Endothelium-Derived Hyperpolarizing Factor

In blood vessels Endothelium-Derived Hyperpolarizing Factor or EDHF is proposed to be a substance and/or electrical signal that is generated or synthesized in and released from the endothelium; its action is to hyperpolarize vascular smooth muscle cells, causing these cells to relax, thus allowing the blood vessel to expand in diameter.
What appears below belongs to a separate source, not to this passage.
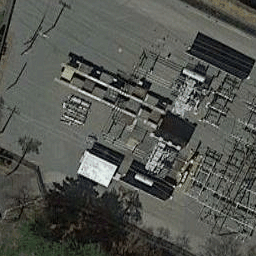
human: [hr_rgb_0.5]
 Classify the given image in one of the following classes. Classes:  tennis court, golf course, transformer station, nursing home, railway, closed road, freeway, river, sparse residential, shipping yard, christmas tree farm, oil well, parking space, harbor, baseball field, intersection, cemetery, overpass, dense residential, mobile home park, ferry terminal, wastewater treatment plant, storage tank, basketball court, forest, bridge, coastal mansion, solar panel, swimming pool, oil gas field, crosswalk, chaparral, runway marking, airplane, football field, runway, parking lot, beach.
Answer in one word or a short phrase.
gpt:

The endothelium maintains vascular homeostasis through the release of active vasodilators. Although Nitric Oxide (NO) is recognized as the primary factor at level of arteries, increased evidence for the role of another endothelium-derived vasodilator known as endothelium-derived hyperpolarizing factor (EDHF) has accumulated in the last years. Experiments show that when NO and Prostacyclin (Vasodilators) are inhibited there is still another factor causing the vessels to dilate Despite the ongoing debate of its intriguingly variable nature and mechanisms of action, the contribution of EDHF to the endothelium-dependent relaxation is currently appreciated as an important feature of “healthy” endothelium. Since EDHF's contribution is greatest at level of small arteries, the changes in the EDHF action are of critical importance for the regulation of organ blood flow, peripheral vascular resistance, and blood pressure, and in particular when production of NO is compromised. Moreover, depending on the type of cardiovascular disorders altered, EDHF responses may contribute to, or compensate for, endothelial abnormalities associated with pathogenesis of certain diseases. It is widely accepted EDHF plays an important role in vasotone, especially in micro vessels. Its effect varies, depending on the size of the vessel.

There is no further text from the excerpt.